Personal information
- Born: March 3, 1952 (age 74) Warren, Ohio, U.S.
- Listed height: 6 ft 3 in (1.91 m)
- Listed weight: 233 lb (106 kg)

Career information
- High school: Champion (Champion Township, Ohio)
- College: Ohio State
- NFL draft: 1974: 1st round, 14th overall pick

Career history
- Denver Broncos (1974–1983);

Awards and highlights
- NFL Defensive Player of the Year (1978); 2× First-team All-Pro (1977, 1978); 3× Second-team All-Pro (1979, 1981, 1983); 7× Pro Bowl (1975, 1977–1979, 1981–1983); Denver Broncos Ring of Fame; Unanimous All-American (1973); Consensus All-American (1972); 3× First-team All-Big Ten (1971, 1972, 1973); Ohio State Varsity Hall of Fame; Ohio State Football All-Century Team;

Career NFL statistics
- Sacks: 19.5
- Interceptions: 20
- Touchdowns: 4
- Tackles: 2,049
- Stats at Pro Football Reference
- Pro Football Hall of Fame
- College Football Hall of Fame

= Randy Gradishar =

American football player (born 1952)

Randolph Charles Gradishar (born March 3, 1952) is an American former professional football player who was a linebacker for 10 seasons with the Denver Broncos of the National Football League (NFL) during the 1970s and 1980s. A native of Ohio, Gradishar was a one-time consensus and one-time unanimous All-American playing college football for the Ohio State Buckeyes, before playing ten seasons for Denver, where he was the centerpiece of their "Orange Crush Defense". In 2024, he was inducted into the Pro Football Hall of Fame.

==Early life==
The son of a Puebloan of Slovene ancestry, Gradishar is a 1970 graduate of Champion High School, Champion, Ohio. During his high school career, Randy lettered all three years in both football and basketball. As a high school football player, Randy received honors including All-League, All-County, and the Star Helmet Award.

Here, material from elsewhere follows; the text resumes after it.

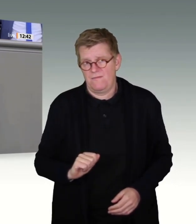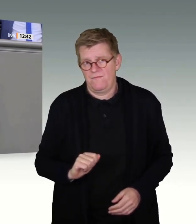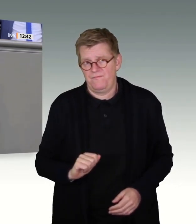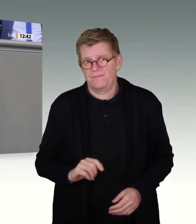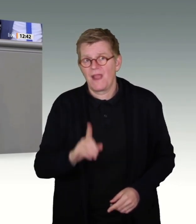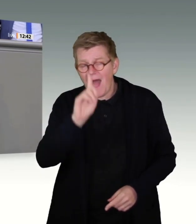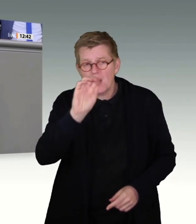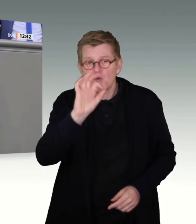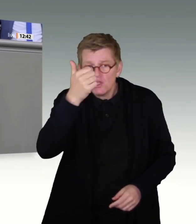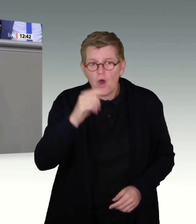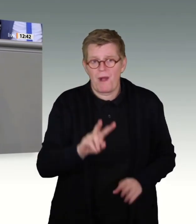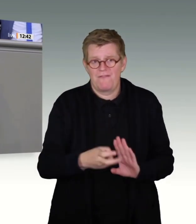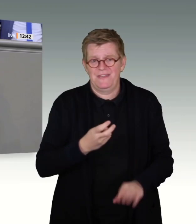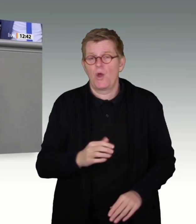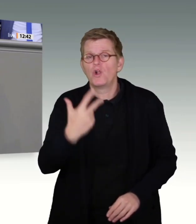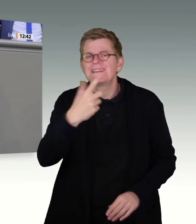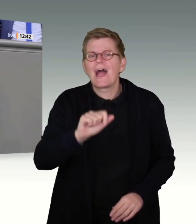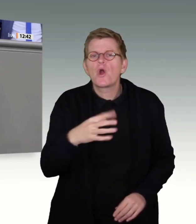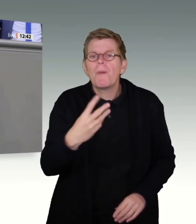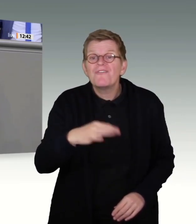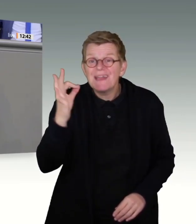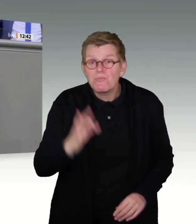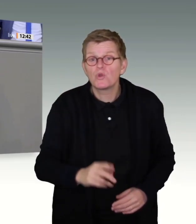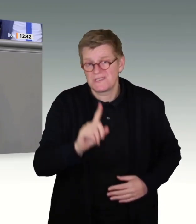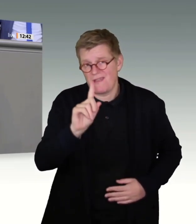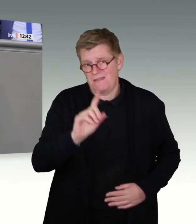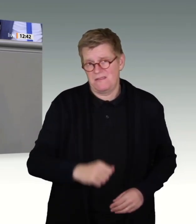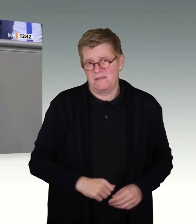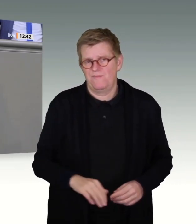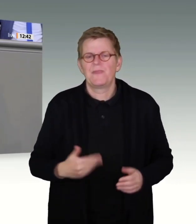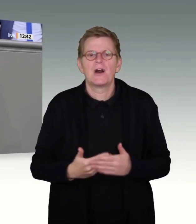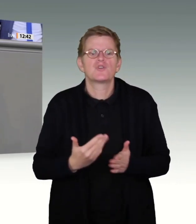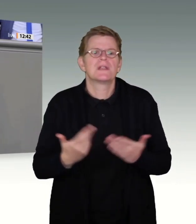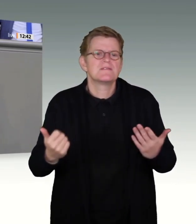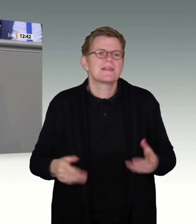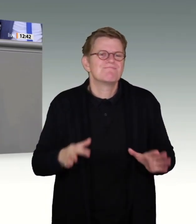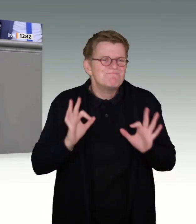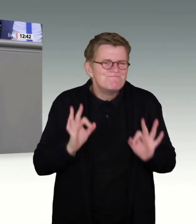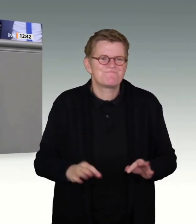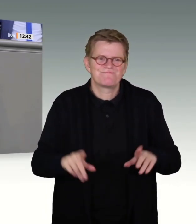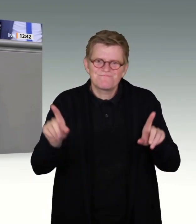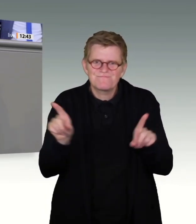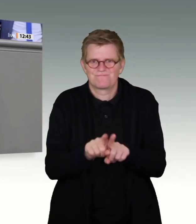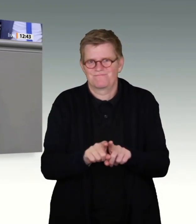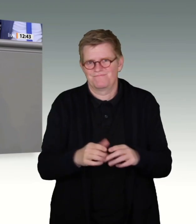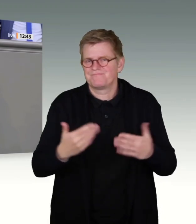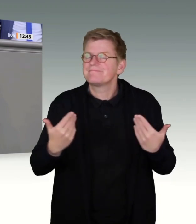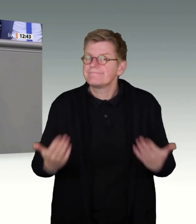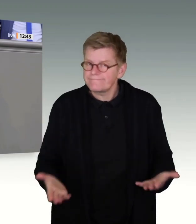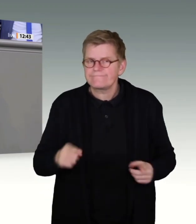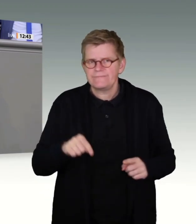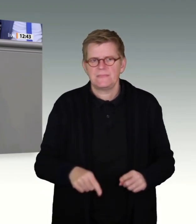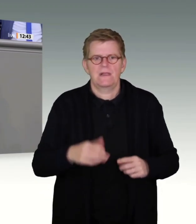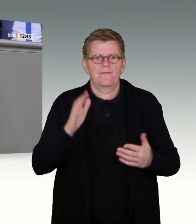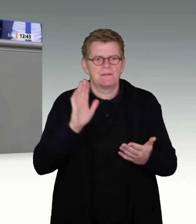Prozent, ich wiederhole, von daher ist es doch gerade so, dass die Instrumente, die wir haben,

In basketball, he was the leading rebounder for three years and the second leading scorer for two years, receiving All-League and All-County honors. Randy holds the high school records for most blocked shots (44), single game rebounds (26), and most career rebounds (817).

In 2004, Randy was inducted into the Champion High School Hall of Fame for Athletics. He was presented by his former high school coach, Al Carrino.

==College career==
Gradishar, who graduated with a degree in Distributive Education, was a three-year starter with the Ohio State University from 1971 to 1973. Former Ohio State head coach Woody Hayes called Gradishar "the best linebacker I ever coached". He made 134 tackles in his senior year, 60 of them solo, to lead the team.
| "Randy Gradishar is the finest linebacker I ever coached" |
| —Woody Hayes |
In Gradishar's three years with the Buckeyes, all as a starter, the team had a 25–6–1 record, with two Big Ten Conference championships. Gradishar's final collegiate game was a 42–21 victory over the University of Southern California in the 1974 Rose Bowl, to complete a 10–0–1 season. In his senior season the Ohio State defense allowed only 64 points and posted four shutouts.

Against Washington State in 1973, Gradishar made 22 tackles, then the second most in a game in Ohio State history, and still stands as 9th best. His 320 career tackles were the most in school history when Gradishar left Ohio State and now stands as 11th best in team history.

Gradishar was a consensus First-team All-American in 1972 and a unanimous First-team selection in 1973. Also in 1973, Gradishar finished sixth in the voting for the Heisman Trophy.

===1973 Heisman voting===

| Place | Player, School, Position, Year | Points |
|---|---|---|
| 1st | John Cappelletti, Penn State, RB, Sr. | 1,057 |
| 2nd | John Hicks, Ohio State, OT, Jr. | 524 |
| 3rd | Roosevelt Leaks, Texas, RB, Jr. | 482 |
| 4th | David Jaynes, Kansas, QB, Sr. | 394 |
| 5th | Archie Griffin, Ohio State, RB, So. | 326 |
| 6th | Randy Gradishar, Ohio State, LB, Sr. | 282 |
| 7th | Lucious Selmon, Oklahoma, NG, Sr. | 250 |
| 8th | Woody Green, Arizona State, RB, Sr. | 247 |
| 9th | Danny White, Arizona State, QB, Sr. | 166 |
| 10th | Kermit Johnson, UCLA, RB, Sr. | 122 |

Randy was also academic All-American in 1973. According to scouts Gradishar was a linebacker who went out every day with his hard hat and lunch pail and got the job done. When naming Gradishar All-American Time stated he was the "best Big Ten linebacker in three years" Gradishar is a punishing tackler capable of penetrating any block, and, say the scouts, "he has that great pro quality—the ability to cover somebody else's mistake." Before entering the National Football League Gradishar played in the Hula Bowl and the Coaches' All-American game in 1974.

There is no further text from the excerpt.